* [Task objective]:
Find all lines below containing the string "color" and return them.

Stored items:
=== Begin Enclosure ===

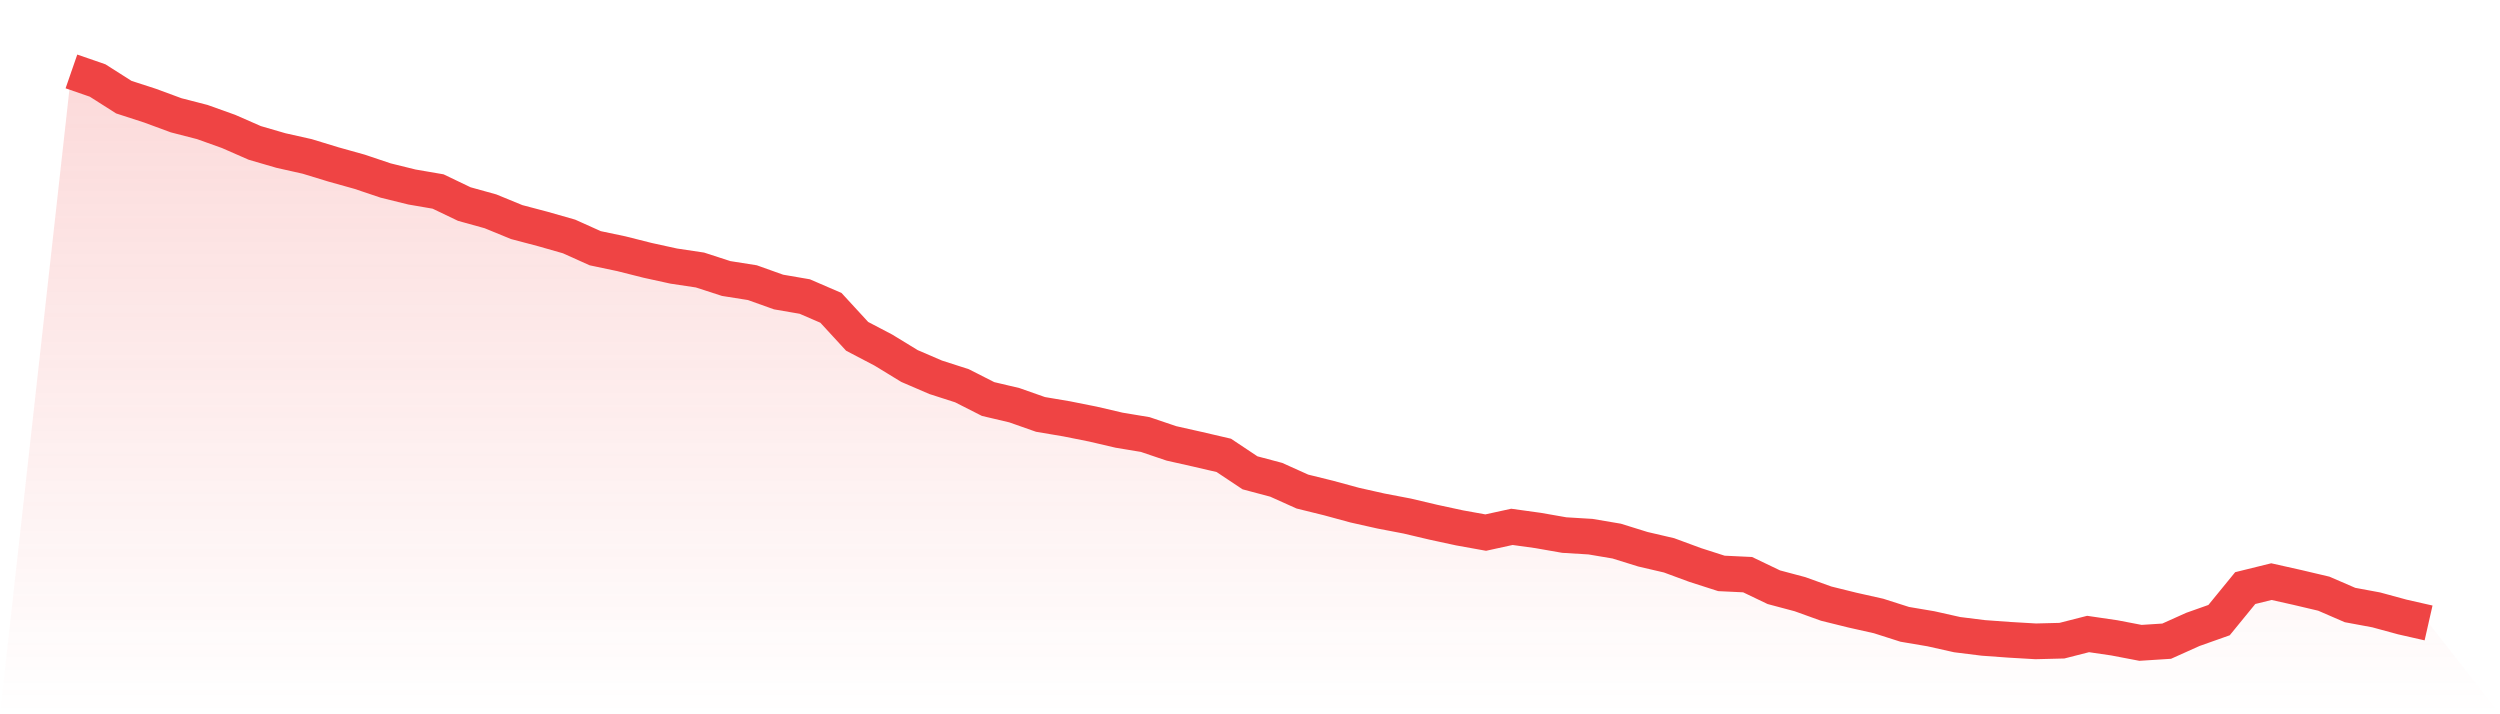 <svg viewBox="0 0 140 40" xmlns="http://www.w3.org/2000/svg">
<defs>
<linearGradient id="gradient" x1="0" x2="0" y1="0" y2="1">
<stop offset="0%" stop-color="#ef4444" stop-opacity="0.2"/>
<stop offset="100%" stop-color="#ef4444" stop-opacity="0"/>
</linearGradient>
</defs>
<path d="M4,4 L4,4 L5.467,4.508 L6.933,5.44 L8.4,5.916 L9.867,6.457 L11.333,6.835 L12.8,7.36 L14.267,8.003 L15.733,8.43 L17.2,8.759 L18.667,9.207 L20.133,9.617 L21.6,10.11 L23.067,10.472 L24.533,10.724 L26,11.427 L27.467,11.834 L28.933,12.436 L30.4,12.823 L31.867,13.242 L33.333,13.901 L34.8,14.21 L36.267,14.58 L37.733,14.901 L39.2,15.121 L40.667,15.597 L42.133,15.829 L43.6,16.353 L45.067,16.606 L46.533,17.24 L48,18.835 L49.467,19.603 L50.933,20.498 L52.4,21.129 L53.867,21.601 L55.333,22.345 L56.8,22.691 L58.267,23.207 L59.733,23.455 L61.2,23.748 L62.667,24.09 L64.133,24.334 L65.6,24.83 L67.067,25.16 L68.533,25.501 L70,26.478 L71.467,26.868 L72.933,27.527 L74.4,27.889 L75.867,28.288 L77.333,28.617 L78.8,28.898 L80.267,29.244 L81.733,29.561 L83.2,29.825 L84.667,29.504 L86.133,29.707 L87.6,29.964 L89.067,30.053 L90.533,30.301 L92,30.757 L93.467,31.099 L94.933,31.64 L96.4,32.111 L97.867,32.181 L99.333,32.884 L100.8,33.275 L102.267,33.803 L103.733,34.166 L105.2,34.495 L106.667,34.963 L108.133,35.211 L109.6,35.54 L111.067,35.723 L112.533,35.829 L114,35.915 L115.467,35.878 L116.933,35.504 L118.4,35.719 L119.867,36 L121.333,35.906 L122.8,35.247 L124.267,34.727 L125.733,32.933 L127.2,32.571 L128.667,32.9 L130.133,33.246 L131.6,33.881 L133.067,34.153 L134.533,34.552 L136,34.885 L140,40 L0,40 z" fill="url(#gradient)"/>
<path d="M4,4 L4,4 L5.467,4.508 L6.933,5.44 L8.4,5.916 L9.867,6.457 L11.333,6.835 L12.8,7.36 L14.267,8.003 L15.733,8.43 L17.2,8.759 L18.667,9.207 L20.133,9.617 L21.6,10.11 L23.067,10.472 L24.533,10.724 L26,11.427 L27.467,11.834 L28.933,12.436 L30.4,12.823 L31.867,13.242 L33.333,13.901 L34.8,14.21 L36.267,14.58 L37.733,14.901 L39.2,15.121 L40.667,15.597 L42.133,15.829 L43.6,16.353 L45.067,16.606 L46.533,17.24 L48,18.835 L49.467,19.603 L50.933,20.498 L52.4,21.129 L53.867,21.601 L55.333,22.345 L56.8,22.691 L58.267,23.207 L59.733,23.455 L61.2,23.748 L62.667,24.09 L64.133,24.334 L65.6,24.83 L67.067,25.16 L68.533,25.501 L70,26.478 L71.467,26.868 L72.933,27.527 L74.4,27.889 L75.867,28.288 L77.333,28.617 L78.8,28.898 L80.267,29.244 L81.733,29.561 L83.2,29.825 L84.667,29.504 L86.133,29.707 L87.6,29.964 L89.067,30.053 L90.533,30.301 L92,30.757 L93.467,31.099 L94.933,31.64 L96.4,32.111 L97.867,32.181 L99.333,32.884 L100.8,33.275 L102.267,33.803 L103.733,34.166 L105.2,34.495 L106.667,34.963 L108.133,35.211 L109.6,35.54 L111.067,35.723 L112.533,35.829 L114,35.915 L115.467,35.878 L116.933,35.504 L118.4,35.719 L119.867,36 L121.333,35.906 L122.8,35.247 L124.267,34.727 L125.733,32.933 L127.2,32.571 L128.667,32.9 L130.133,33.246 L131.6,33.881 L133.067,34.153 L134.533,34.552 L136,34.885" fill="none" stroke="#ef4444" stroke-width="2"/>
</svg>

=== End Enclosure ===

* [Task answer]:
<stop offset="0%" stop-color="#ef4444" stop-opacity="0.2"/>
<stop offset="100%" stop-color="#ef4444" stop-opacity="0"/>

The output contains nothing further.